**Requirement:**
Beginning with the first line of the entries below, quote each line until you reach and include the line with "29.441V25.262C22.688 23.672 22.283".

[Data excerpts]
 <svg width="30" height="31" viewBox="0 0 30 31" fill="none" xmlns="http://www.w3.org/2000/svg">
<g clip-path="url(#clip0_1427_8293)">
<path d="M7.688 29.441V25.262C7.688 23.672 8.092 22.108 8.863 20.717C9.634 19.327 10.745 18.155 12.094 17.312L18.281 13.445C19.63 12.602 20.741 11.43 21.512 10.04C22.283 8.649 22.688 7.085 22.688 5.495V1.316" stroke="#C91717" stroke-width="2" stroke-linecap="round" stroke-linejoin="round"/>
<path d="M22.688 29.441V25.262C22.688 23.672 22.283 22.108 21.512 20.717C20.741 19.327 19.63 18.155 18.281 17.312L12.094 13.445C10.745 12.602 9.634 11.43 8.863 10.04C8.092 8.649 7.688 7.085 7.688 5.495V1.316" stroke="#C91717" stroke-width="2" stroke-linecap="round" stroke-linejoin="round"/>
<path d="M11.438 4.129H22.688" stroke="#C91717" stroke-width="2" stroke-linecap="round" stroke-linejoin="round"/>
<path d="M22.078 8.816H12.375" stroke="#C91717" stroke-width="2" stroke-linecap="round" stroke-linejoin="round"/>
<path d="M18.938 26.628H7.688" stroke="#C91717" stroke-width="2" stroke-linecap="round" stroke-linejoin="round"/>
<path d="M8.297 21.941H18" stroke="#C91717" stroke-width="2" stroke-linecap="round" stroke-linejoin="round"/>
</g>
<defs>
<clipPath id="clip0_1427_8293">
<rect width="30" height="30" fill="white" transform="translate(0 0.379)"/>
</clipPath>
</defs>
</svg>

**Response box:**
 <svg width="30" height="31" viewBox="0 0 30 31" fill="none" xmlns="http://www.w3.org/2000/svg">
<g clip-path="url(#clip0_1427_8293)">
<path d="M7.688 29.441V25.262C7.688 23.672 8.092 22.108 8.863 20.717C9.634 19.327 10.745 18.155 12.094 17.312L18.281 13.445C19.63 12.602 20.741 11.43 21.512 10.04C22.283 8.649 22.688 7.085 22.688 5.495V1.316" stroke="#C91717" stroke-width="2" stroke-linecap="round" stroke-linejoin="round"/>
<path d="M22.688 29.441V25.262C22.688 23.672 22.283 22.108 21.512 20.717C20.741 19.327 19.63 18.155 18.281 17.312L12.094 13.445C10.745 12.602 9.634 11.43 8.863 10.04C8.092 8.649 7.688 7.085 7.688 5.495V1.316" stroke="#C91717" stroke-width="2" stroke-linecap="round" stroke-linejoin="round"/>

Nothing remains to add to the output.